I got back from a few weeks in America
about two months ago and I am just now getting around to writing this. My cousin got married in January in San
Francisco so they had a reception at our cabin in central Washington for their
friends and family up there. I also got
to see my nephew, Jaxon, for the first time since he was a month old. So here are a bunch of random pictures:
My mom has always wanted to go to the
Lavender Festival in Sequim, Washington, out on the peninsula. Mom, her friend Yvonne and her granddaughter
Zoey and I went out there. It is not the
manliest festival I have ever been to, but it was fun.
Just to explain my cabin: when I say
‘cabin’ I assume people have one of two images pop into their heads. The first is a manufactured log cabin that is
pretty much a house with a few trees nearby; the other is a small hunting shack
that could follow apart at any moment.
Well, it is neither of those. The
story, if I am remembering it correctly, is that during WWII my great grandpa
Vic bought scrap metal and then resold it to the government. He heard that a sawmill in central Washington
was going out of business. He offered to
buy the metal bits but was told the whole company was for sale. So he bought it, like you do.
The mill was started in 1906 (I think) and
a town sprung up around it (for my British friends imagine Bourneville in the
mountains, and on a smaller scale).
Basically, Gandpa Vic bought a town.
When great grandpa bought it there were houses for families, bunkhouses
for single male workers, a store/company office, a one-room school house next
door to the school master’s house, a butcher’s shop, a mill pond for floating
logs, a railroad running through the town and, of course, all the buildings and
machinery used for the mill. The mill
burnt down a few times, each time being rebuilt but smaller, until the last
time it burnt, sometime in the 80’s.
As the different families moved away my
family gave the empty cabins to other family members and family friends.

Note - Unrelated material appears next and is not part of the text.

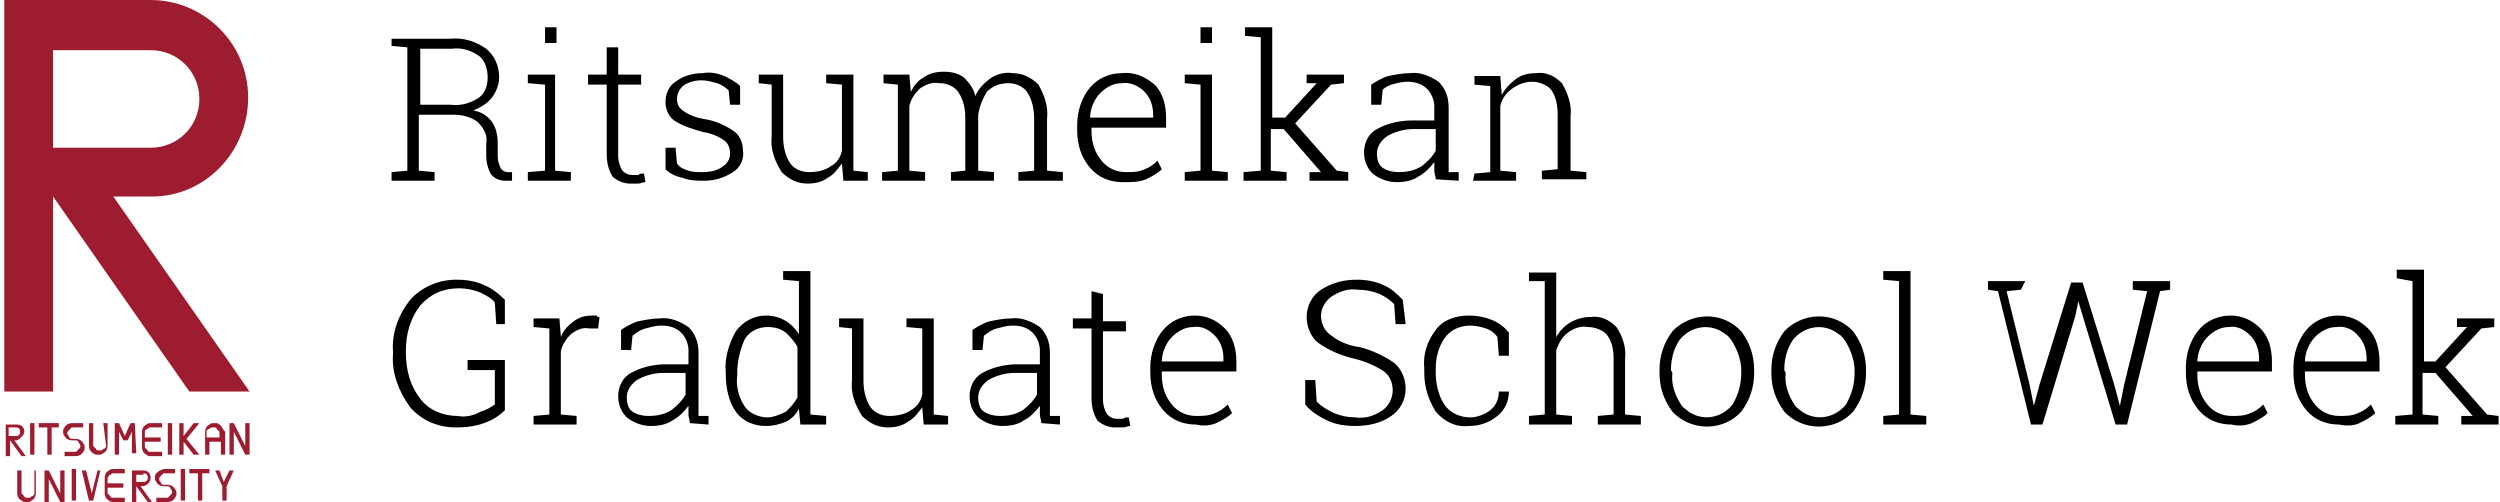 <svg id="logo_r_sp.svg" xmlns="http://www.w3.org/2000/svg" viewBox="0 0 174.3 35"><style>.st0{fill:none}.st1{fill:#9e1c30}</style><path id="Ritsumeikan_Graduate_School_Week_のコピー" d="M27.3 2.6v.6l1.1.1v8.6l-1.1.1v.6h3V12l-1.1-.1V8h2.5c.6 0 1.2.2 1.6.5.5.5.7 1 .6 1.5v.9c0 .4.1.8.3 1.2.2.3.6.5 1 .5h.5V12h-.3c-.2 0-.4-.1-.5-.3-.1-.2-.2-.5-.2-.8V10c0-.5-.1-1.1-.4-1.5-.3-.4-.7-.7-1.3-.8.5-.2 1-.5 1.3-.9.3-.4.5-.9.5-1.4 0-.8-.3-1.5-.9-2-.7-.5-1.6-.8-2.5-.7h-4.1zm2 .8h2.2c.7-.1 1.3.1 1.9.5.4.3.6.9.6 1.5s-.2 1.1-.6 1.4c-.6.4-1.3.6-2 .5h-2.1V3.4zm7.5 9.2h3V12l-1.1-.1V5.2h-1.9v.6l1.2.1v6l-1.2.1v.6zm2-10.7H38V3h.8V1.9zm3.5 1.4v1.9H41v.7h1.3v4.8c0 .6.1 1.1.4 1.6.3.3.8.5 1.2.5h.6c.2 0 .3-.1.5-.1l-.1-.6c-.2 0-.3 0-.4.1h-.4c-.3 0-.5-.1-.7-.3-.2-.3-.3-.7-.3-1v-5h1.6v-.7h-1.6V3.3h-.8zM51.6 6c-.3-.3-.7-.5-1.1-.7-.5-.2-1-.3-1.5-.2-.7 0-1.4.2-1.9.6-.5.3-.7.9-.7 1.4 0 .5.2 1 .6 1.3.6.4 1.3.6 2 .8.6.1 1.1.3 1.5.6.3.2.4.6.4.9 0 .4-.2.7-.5.9-.4.3-.9.4-1.4.4-.4 0-.7 0-1-.1-.3-.1-.6-.2-.8-.5l-.1-1.1h-.7v1.5c.3.3.7.5 1.2.6.5.2 1 .2 1.5.2.7 0 1.4-.2 2-.6.5-.3.8-.9.7-1.5 0-.5-.2-1.1-.7-1.4-.6-.4-1.3-.7-2-.8-.6-.1-1.1-.3-1.5-.6-.3-.2-.4-.5-.4-.8 0-.4.2-.7.4-.9.4-.3.9-.4 1.3-.4s.7.1 1.1.2c.3.1.6.3.8.5l.1 1h.7V6zm7.2 6.6h1.7V12l-1-.1V5.2h-1.9v.6l1.1.1v4.6c-.1.5-.4.9-.8 1.1-.4.3-1 .4-1.5.4s-1-.2-1.3-.6c-.4-.6-.5-1.3-.5-1.9V5.2h-1.7v.6l.9.1v3.6c-.1.9.2 1.7.7 2.5.5.5 1.1.8 1.8.8.5 0 1-.1 1.4-.4.4-.2.7-.6 1-1l.1 1.2zm3.8-6.7v6l-1.1.1v.6h3V12l-1.1-.1V7.4c.1-.5.4-.9.7-1.2.4-.3.9-.5 1.4-.4.5 0 1 .2 1.3.6.4.6.5 1.2.5 1.9v3.6l-1 .1v.6h3V12l-1.1-.1V8c.1-.6.3-1.1.6-1.6.4-.4.9-.6 1.5-.6.5 0 1 .2 1.3.6.4.6.5 1.3.5 1.9v3.6L71 12v.6h3.1V12l-1.1-.1V8.3c.1-.9-.2-1.7-.6-2.4-.5-.5-1.1-.8-1.8-.8-.6-.1-1.2.1-1.6.4-.4.3-.8.7-1 1.2-.1-.5-.4-.9-.8-1.3-.4-.3-.9-.4-1.4-.4-.5 0-1 .1-1.4.4-.4.2-.7.6-.9 1l-.1-1.2h-1.8v.6l1 .1zm17.3 6.6c.4-.2.8-.4 1.1-.7l-.3-.6c-.3.3-.6.5-.9.6-.4.2-.9.2-1.3.2-.7 0-1.3-.3-1.7-.8-.5-.6-.7-1.3-.7-2.1v-.2h5.2v-.7c0-.8-.2-1.7-.8-2.3-.7-.6-1.5-.9-2.3-.8-.9 0-1.7.4-2.2 1-.6.7-.9 1.7-.9 2.6v.4c0 1 .3 1.9.9 2.6.6.7 1.4 1 2.3 1 .6 0 1.1 0 1.6-.2zm-.1-6.1c.4.4.6 1 .6 1.6v.2H76c0-.6.3-1.3.7-1.7.4-.4.9-.7 1.5-.7.6-.1 1.2.2 1.6.6zm2.8 6.2h3V12l-1.1-.1V5.2h-1.9v.6l1.1.1v6l-1.1.1v.6zm1.9-10.7h-.8V3h.8V1.9zm3.4.7v9.3l-1.2.1v.6h3V12l-1.1-.1V9h.9l2.6 3h-.8v.6H94V12l-.8-.1-2.9-3.3 2.5-2.7.9-.1v-.6h-2.6v.6h.7l-2.2 2.4h-.9V1.9h-1.9v.6l1.1.1zm13.8 10V12h-.7V7.5c0-.7-.2-1.3-.7-1.8-.6-.4-1.3-.7-2-.6-.5 0-1 .1-1.5.2-.4.1-.9.4-1.2.6v1.4h.7l.1-1c0-.1.3-.3.6-.4.4-.1.7-.2 1.1-.2.5 0 1 .1 1.4.5.3.3.5.8.5 1.2v1h-1.6c-.8 0-1.7.2-2.4.6-.6.3-.9 1-.9 1.6 0 .6.2 1.1.6 1.5.5.4 1.1.6 1.7.6.5 0 1.1-.1 1.5-.4.4-.2.8-.6 1.1-1v.6c0 .2.1.4.1.6l1.6.1zm-5.3-.9c-.3-.2-.4-.6-.4-1 0-.5.3-.9.7-1.2.5-.3 1.2-.5 1.8-.5h1.6v1.5c-.2.4-.6.8-1 1.1-.5.3-1 .4-1.6.4-.4 0-.8-.1-1.1-.3zm6.3.9h3V12l-1.1-.1V7.4c.1-.5.4-.9.8-1.2.4-.3.9-.5 1.4-.5.5 0 1 .2 1.3.5.4.5.5 1.2.5 1.8v3.8l-1.1.1v.6h3.1V12l-1.1-.1V8.1c.1-.8-.2-1.6-.6-2.3-.5-.5-1.1-.8-1.8-.7-.5 0-1 .1-1.4.4-.4.3-.7.6-1 1.1l-.1-1.3h-1.8v.6l1.1.1v6l-1.1.1-.1.5zM35.3 25.1h-2.7v.7h1.9v2.4c-.3.2-.6.4-1 .5-.5.3-1.1.4-1.6.3-1 0-2-.4-2.6-1.2-.7-.9-1-2-1-3.2v-.2c0-1.1.3-2.2 1-3.1.7-.8 1.6-1.2 2.7-1.2.5 0 1 .1 1.5.3.4.2.8.4 1 .7l.1 1.5h.6v-1.7c-.4-.4-.9-.8-1.4-1-.6-.3-1.3-.4-2-.4-1.2 0-2.4.5-3.2 1.4-.8 1-1.3 2.3-1.2 3.6v.2c-.1 1.3.4 2.6 1.2 3.7.8.9 1.9 1.4 3.2 1.4.8 0 1.5-.1 2.2-.4.5-.2.9-.5 1.2-.8v-3.5zm3-2.9h-1.1v.6l1.1.1v6l-1.1.1v.6h3V29l-1.1-.1v-4.4c.1-.5.4-.9.7-1.2.4-.3.8-.5 1.3-.4h.6l.1-.8c-.1 0-.2 0-.2-.1h-.3c-.5 0-.9.1-1.3.4-.4.3-.7.6-.9 1.1v-.1l-.1-1.2h-.7zm11.1 7.4V29h-.7v-4.4c0-.7-.2-1.3-.7-1.8-.6-.4-1.3-.7-2-.6-.5 0-1 .1-1.5.2-.4.1-.9.4-1.2.6v1.4h.7l.1-1c.3-.2.5-.4.9-.5.4-.1.7-.2 1.1-.2.5 0 1 .1 1.4.5.3.3.5.8.5 1.2v1h-1.6c-.8 0-1.7.2-2.4.6-.6.3-.9 1-.9 1.6 0 .6.2 1.1.6 1.5.5.4 1.1.6 1.7.6.5 0 1.1-.1 1.5-.4.4-.2.8-.6 1.1-1v.6c0 .2.1.4.1.6l1.3.1zm-5.3-.9c-.3-.2-.4-.6-.4-1 0-.5.3-.9.7-1.2.5-.3 1.2-.5 1.8-.5h1.6v1.5c-.2.4-.6.8-1 1.1-.5.3-1 .4-1.6.4-.4 0-.8-.1-1.1-.3zm11.7.9h1.8V29l-1.1-.1v-10h-1.9v.6l1.1.1v3.7c-.5-.8-1.3-1.3-2.3-1.3-.8 0-1.6.4-2.1 1.1-.5.9-.8 1.9-.7 2.9v.1c0 .9.2 1.9.7 2.6.5.7 1.3 1 2.1 1 .5 0 .9-.1 1.4-.3.4-.2.7-.5.9-.9l.1 1.1zM51.4 26c0-.8.2-1.6.5-2.3.3-.6 1-.9 1.6-.9.5 0 .9.1 1.3.4.3.3.6.6.8 1v3.5c-.2.4-.5.7-.8 1-.4.2-.9.4-1.3.4-.6 0-1.3-.3-1.6-.8-.4-.6-.6-1.4-.5-2.1V26zm13 3.6h1.7V29l-1-.1v-6.7h-1.9v.6l1.1.1v4.6c-.1.5-.4.9-.8 1.1-.4.3-1 .4-1.5.4s-1-.2-1.3-.6c-.4-.6-.5-1.3-.5-1.9v-4.3h-1.7v.6l.9.1v3.6c-.1.9.2 1.7.7 2.5.5.5 1.1.8 1.8.8.5 0 1-.1 1.4-.4.4-.2.7-.6 1-1l.1 1.2zm9.5 0V29h-.7v-4.4c0-.7-.2-1.3-.7-1.8-.6-.4-1.3-.7-2-.6-.5 0-1 .1-1.5.2-.4.1-.9.4-1.2.6v1.4h.7l.1-1c.3-.2.5-.4.9-.5.4-.1.7-.2 1.1-.2.5 0 1 .1 1.4.5.3.3.5.8.5 1.2v1h-1.6c-.8 0-1.7.2-2.4.6-.6.3-.9 1-.9 1.6 0 .6.2 1.1.6 1.5.5.4 1.1.6 1.7.6.5 0 1.1-.1 1.5-.4.4-.2.8-.6 1.1-1v.6c0 .2.1.4.1.6l1.3.1zm-5.3-.9c-.3-.2-.4-.6-.4-1 0-.5.3-.9.7-1.2.5-.3 1.2-.5 1.8-.5h1.6v1.5c-.2.4-.6.8-1 1.1-.5.3-1 .4-1.6.4-.4 0-.8-.1-1.1-.3zm7.5-8.4v1.9h-1.3v.7h1.3v4.8c0 .6.1 1.1.4 1.6.3.3.8.5 1.2.5h.6c.2 0 .3-.1.5-.1l-.1-.6c-.2 0-.3 0-.4.1h-.4c-.3 0-.5-.1-.7-.3-.2-.3-.3-.7-.3-1v-4.8h1.6v-.7h-1.6v-1.9l-.8-.2zm8.7 9.2c.4-.2.8-.4 1.1-.7l-.3-.6c-.3.3-.6.5-.9.6-.4.2-.9.2-1.3.2-.7 0-1.3-.3-1.7-.8-.5-.6-.7-1.3-.7-2.1v-.2h5.2v-.7c0-.8-.2-1.7-.8-2.3-.6-.6-1.3-.9-2.1-.9-.9 0-1.7.4-2.2 1-.6.7-.9 1.7-.9 2.6v.4c0 1 .3 1.9.9 2.6.6.7 1.4 1 2.3 1 .4.1.9.1 1.4-.1zm-.1-6.1c.4.4.6 1 .6 1.6v.2H81c0-.6.3-1.3.7-1.7.4-.4.9-.7 1.5-.7.6-.1 1.1.2 1.5.6zm13.1-2.5c-.4-.4-.8-.8-1.3-1-.6-.3-1.3-.4-1.9-.4-.9 0-1.7.2-2.5.7-.6.4-1 1.1-1 1.9 0 .7.3 1.4.8 1.8.7.5 1.6.9 2.5 1.1.8.2 1.5.5 2.1.9.4.3.6.8.6 1.3 0 .6-.3 1.1-.7 1.4-.6.4-1.2.6-1.9.5-.5 0-1-.1-1.5-.3-.4-.2-.8-.4-1.2-.8l-.1-1.5H91v1.7c.4.5.9.8 1.5 1.1.6.3 1.3.4 2 .4.9 0 1.8-.2 2.5-.7.6-.4 1-1.1 1-1.9 0-.7-.3-1.4-.8-1.8-.7-.5-1.6-.9-2.4-1.1-.8-.1-1.5-.4-2.1-.9-.4-.3-.6-.8-.6-1.3s.3-1 .7-1.3c.6-.4 1.2-.6 1.9-.5.5 0 1 .1 1.5.3.4.2.7.4 1 .7l.1 1.4h.7l-.2-1.7zm2.9 7.3c-.4-.6-.6-1.4-.6-2.2v-.3c0-.8.2-1.5.6-2.1.4-.6 1.1-.9 1.8-.9.4 0 .8.1 1.1.2.3.1.6.3.8.6l.1 1.3h.7v-1.6c-.3-.4-.7-.7-1.2-.9-.5-.2-1-.3-1.6-.3-.9 0-1.8.3-2.3 1-.6.8-.9 1.7-.8 2.7v.3c0 1 .3 1.9.8 2.7.6.7 1.4 1.1 2.3 1 .7 0 1.4-.2 2-.7.5-.4.8-1 .8-1.7h-.7c0 .5-.2 1-.6 1.3-.4.3-.9.5-1.4.5-.7 0-1.4-.3-1.8-.9zm7-8.6v9.3l-1.1.1v.6h3V29l-1.1-.1v-4.5c.2-.5.4-.9.8-1.2.4-.3.9-.5 1.4-.4.5 0 1 .2 1.3.5.4.5.5 1.1.5 1.7v3.9l-1.1.1v.6h3V29l-1.1-.1V25c.1-.8-.2-1.6-.6-2.2-.5-.5-1.1-.8-1.8-.7-1 0-1.9.5-2.4 1.4V19h-1.9v.6h1.1zm8 6.4c0 1 .3 1.9.9 2.7 1.2 1.3 3.3 1.4 4.6.2l.2-.2c.6-.8.9-1.7.9-2.7v-.2c0-1-.3-1.9-.9-2.7-1.2-1.3-3.2-1.4-4.6-.2l-.2.2c-.6.8-.9 1.7-.9 2.7v.2zm.8-.2c0-.8.2-1.5.6-2.1.8-1 2.2-1.2 3.2-.4.2.1.3.3.4.4.4.6.7 1.4.7 2.1v.2c0 .8-.2 1.5-.6 2.2-.8 1-2.2 1.2-3.2.4-.1-.1-.3-.2-.4-.4-.4-.6-.7-1.4-.6-2.2l-.1-.2zm7 .2c0 1 .3 1.9.9 2.7 1.2 1.3 3.3 1.4 4.6.2l.2-.2c.6-.8.9-1.7.9-2.7v-.2c0-1-.3-1.9-.9-2.7-1.2-1.3-3.2-1.4-4.6-.2l-.2.2c-.6.8-.9 1.7-.9 2.7v.2zm.9-.2c0-.8.2-1.5.6-2.1.8-1 2.2-1.2 3.2-.4.2.1.3.3.4.4.4.6.7 1.4.7 2.1v.2c0 .8-.2 1.5-.6 2.2-.8 1-2.2 1.2-3.2.4-.1-.1-.3-.2-.4-.4-.4-.6-.7-1.4-.6-2.2l-.1-.2zm8-6.2v9.3l-1.1.1v.6h3V29l-1.1-.1v-10h-1.9v.6l1.1.1zm8.8 0h-2.6v.6l.7.1 2.3 9.3h.8l2.3-7.6.2-1 .3 1 2.3 7.6h.8l2.3-9.3.7-.1v-.6h-2.6v.6l1 .1-1.6 6.5-.3 1.5-.4-1.5-2.2-7.1h-.8l-2.2 7.1-.4 1.5-.3-1.5-1.6-6.5 1-.1.3-.6zm15.8 9.9c.4-.2.8-.4 1.1-.7l-.3-.6c-.3.3-.6.5-.9.6-.4.2-.9.2-1.3.2-.7 0-1.3-.3-1.7-.8-.5-.6-.7-1.3-.7-2.1v-.2h5.2v-.7c0-.8-.2-1.7-.8-2.3-.6-.6-1.3-.9-2.1-.9-.9 0-1.7.4-2.2 1-.6.7-.9 1.7-.9 2.6v.4c0 1 .3 1.9.9 2.6.6.7 1.4 1 2.3 1 .4.1.9.1 1.4-.1zm-.1-6.1c.4.4.6 1 .6 1.6v.2h-4.3c0-.6.3-1.3.7-1.7.4-.4.9-.7 1.5-.7.6-.1 1.1.2 1.5.6zm7.6 6.1c.4-.2.8-.4 1.1-.7l-.3-.6c-.3.3-.6.5-.9.6-.4.2-.9.2-1.3.2-.7 0-1.3-.3-1.7-.8-.5-.6-.7-1.3-.7-2.1v-.2h5.2v-.7c0-.8-.2-1.7-.8-2.3-.6-.6-1.3-.9-2.1-.9-.9 0-1.7.4-2.2 1-.6.7-.9 1.7-.9 2.6v.4c0 1 .3 1.9.9 2.6.6.7 1.4 1 2.3 1 .4.1 1 .1 1.4-.1zm-.1-6.1c.4.4.6 1 .6 1.6v.2h-4.3c0-.6.3-1.3.7-1.7.4-.4.9-.7 1.5-.7.6-.1 1.2.2 1.5.6zm3.8-3.8v9.3l-1.2.1v.6h3V29l-1.1-.1V26h.9l2.6 3h-.8v.6h2.6V29l-.8-.1-2.9-3.3 2.5-2.7.9-.1v-.6h-2.6v.6h.7l-2.2 2.4h-.8v-6.4h-1.9v.6l1.1.2z"/><g id="シンボル_57_5" transform="translate(6379 1333)"><g id="グループ化_881"><path id="パス_3" class="st1" d="M-6376.9-1301.3h.3v-2.2h-.3v2.2z"/><path id="パス_4" class="st1" d="M-6367.3-1301.3h.3v-2.2h-.3v2.2z"/><path id="パス_5" class="st1" d="M-6376.2-1303.2h.5v1.9h.3v-1.9h.5v-.3h-1.4v.3z"/><path id="パス_6" class="st1" d="M-6374.5-1303.2c-.1.1-.1.2-.1.3 0 .1 0 .2.1.3.1.2.3.3.5.3h.3c.1 0 .2.1.2.2.1.1.1.1.1.2s0 .1-.1.2l-.2.2h-.8v.3h.8c.2 0 .4-.1.5-.3.1-.1.1-.2.1-.3s0-.2-.1-.3c-.1-.2-.3-.3-.5-.3h-.3c-.1 0-.2-.1-.2-.2-.1-.1-.1-.1-.1-.2s0-.1.1-.2l.2-.2h.8v-.3h-.8c-.2 0-.4.1-.5.3"/><path id="パス_7" class="st1" d="M-6365.5-1303.5l-.7.9v-.9h-.3v2.2h.3v-.9l.7.9h.4l-.9-1.1.9-1.1h-.4z"/><path id="パス_8" class="st1" d="M-6361.9-1303.5v1.6l-.8-1.6h-.3v2.2h.3v-1.6l.8 1.6h.3v-2.2h-.3z"/><path id="パス_9" class="st1" d="M-6371.6-1301.9c0 .1-.1.2-.2.2-.1.1-.1.1-.2.1h-.1c-.1 0-.2 0-.2-.1l-.2-.2v-1.6h-.3v1.6c0 .2.1.4.3.5.1.1.2.1.3.1h.1c.1 0 .2 0 .3-.1.2-.1.3-.3.3-.5v-1.6h-.3l.2 1.6"/><path id="パス_10" class="st1" d="M-6368.8-1303.4c-.2.1-.3.3-.3.5v1.1c0 .2.1.4.3.5.1.1.2.1.3.1h.8v-.3h-.8c-.1 0-.2 0-.2-.1l-.2-.2v-.4h1.1v-.3h-1.1v-.4c0-.1.1-.2.2-.2.1-.1.1-.1.2-.1h.8v-.3h-.8c-.1 0-.2 0-.3.1"/><path id="パス_11" class="st1" d="M-6377.3-1302.9c0-.3-.2-.5-.5-.5h-.8v2.2h.3v-1.1l.8 1.1h.3l-.8-1.1h.2c.2-.1.5-.4.5-.6m-1.1.2v-.5h.5c.2 0 .3.1.3.3s-.1.3-.3.3h-.5"/><path id="パス_12" class="st1" d="M-6363.7-1303.4c-.1-.1-.2-.1-.3-.1h-.1c-.1 0-.2 0-.3.1-.2.1-.3.3-.3.5v1.6h.3v-.9h.8v.9h.3v-1.6c-.2-.2-.3-.5-.4-.5m-.9.9v-.4c0-.1.1-.2.2-.2.1-.1.1-.1.2-.1h.1c.1 0 .2 0 .2.1l.2.2v.4h-.9"/><path id="パス_13" class="st1" d="M-6369.6-1303.5h-.3l-.4.9-.4-.9h-.3v2.2h.3v-1.6l.3.6h.3l.3-.6v1.5h.3l-.1-2.1z"/><path id="パス_14" class="st1" d="M-6365.7-1300h.5v1.9h.3v-1.9h.5v-.3h-1.4v.3z"/><path id="パス_15" class="st1" d="M-6374.8-1300.2v1.6l-.8-1.6h-.3v2.2h.3v-1.6l.8 1.6h.3v-2.2h-.3z"/><path id="パス_16" class="st1" d="M-6376.6-1300.2v1.6c0 .1-.1.2-.2.2-.1.1-.1.1-.2.1h-.1c-.1 0-.2 0-.2-.1l-.2-.2v-1.6h-.3v1.6c0 .2.1.4.3.5.1.1.2.1.3.1h.1c.1 0 .2 0 .3-.1.2-.1.3-.3.3-.5v-1.6h-.1z"/><path id="パス_17" class="st1" d="M-6371.3-1299.9c.1-.1.1-.1.2-.1h.8v-.3h-.8c-.1 0-.2 0-.3.1-.2.1-.3.3-.3.5v1.1c0 .2.1.4.3.5.1.1.2.1.3.1h.8v-.3h-.8c-.1 0-.2 0-.2-.1l-.2-.2v-.4h1.1v-.3h-1.1v-.4c.1-.1.1-.2.2-.2"/><path id="パス_18" class="st1" d="M-6368.5-1299.7c0-.3-.2-.5-.5-.5h-.8v2.2h.3v-1.1l.8 1.1h.3l-.8-1.1h.2c.3-.1.5-.3.5-.6m-.5-.3c.2 0 .3.1.3.3s-.1.3-.3.3h-.5v-.5h.5z"/><path id="パス_19" class="st1" d="M-6363.7-1300.2h-.3l.5 1.1v1h.3v-1l.5-1.1h-.3l-.4.8-.3-.8z"/><path id="パス_20" class="st1" d="M-6368.1-1300c-.1.1-.1.2-.1.3s0 .2.1.3c.1.2.3.3.5.3h.3c.1 0 .2.1.2.2.1.1.1.1.1.2s0 .1-.1.2l-.2.2h-.8v.3h.8c.2 0 .4-.1.5-.3.1-.1.1-.2.1-.3 0-.1 0-.2-.1-.3-.1-.2-.3-.3-.5-.3h-.3c-.1 0-.2-.1-.2-.2-.1-.1-.1-.1-.1-.2s0-.1.1-.2l.2-.2h.8v-.3h-.8c-.3.1-.4.2-.5.3"/><path id="パス_21" class="st1" d="M-6372.2-1300.2l-.4 1.6-.4-1.6h-.3l.5 2.1h.3l.5-2.1h-.2z"/><path id="パス_22" class="st1" d="M-6374-1298.1h.3v-2.2h-.3v2.2z"/><path id="パス_23" class="st1" d="M-6366.4-1298.1h.3v-2.2h-.3v2.2z"/><path id="パス_24" class="st1" d="M-6368.5-1329.5c1.9 0 3.4 1.5 3.4 3.4s-1.5 3.4-3.4 3.4h-6.8v-6.8h6.8zm6.8 3.3c0-3.8-3.1-6.8-6.8-6.8h-10.2v27.3h3.4v-13.6l9.5 13.6h4.2l-9.5-13.6h2.7c3.7 0 6.7-3.1 6.7-6.9"/><path id="パス_25" class="st0" d="M-6378.7-1332.9h17v34.9h-17v-34.9z"/></g></g></svg>

Some of the cabins, like my aunt’s, are
composites of different cabins and bunkhouses, moved across the camp and
spliced onto a different cabin. There is
a river that runs on side of the property.
Every Spring when the snow melts the river bed fills with water and new
channels are carved. Once the water
recedes the deeper channels still run with water and we pick the best to use as
a swimming hole. We then make a small
damn to make the water a bit deeper (usually the deepest part is around one and
a half to two feet deep); we call it the ‘crik and it I the centre of the Cabin
Creek social scene.
On a good Summer day our schedule can go
like this (and did, while I was there): wake up; have breakfast either at your
own or at grandma’s or Jenny and Koko’s (Jenny is my aunt and Koko is her
husband, who used to own a fantastic restaurant in San Francisco before
retiring); maybe do a few chores or drive to town to go to Safeway for
groceries; then get together and walk to the ‘crik; Once at the ‘crik we sit on
chairs in the water, drinking beer, splashing ourselves with water to stay cool
(or just dunk ourselves…remember the water is from the mountains and is
take-your-breath-away cold), eating peanuts and talking. This goes on until the sun disappears behind
the trees (this summer that was around 5.30pm).
This year we found a much deeper swimming
hole about five minutes up stream from the one we usually use. It was really nice to be able to actually
swim in the water, as opposed to sitting in knee deep water.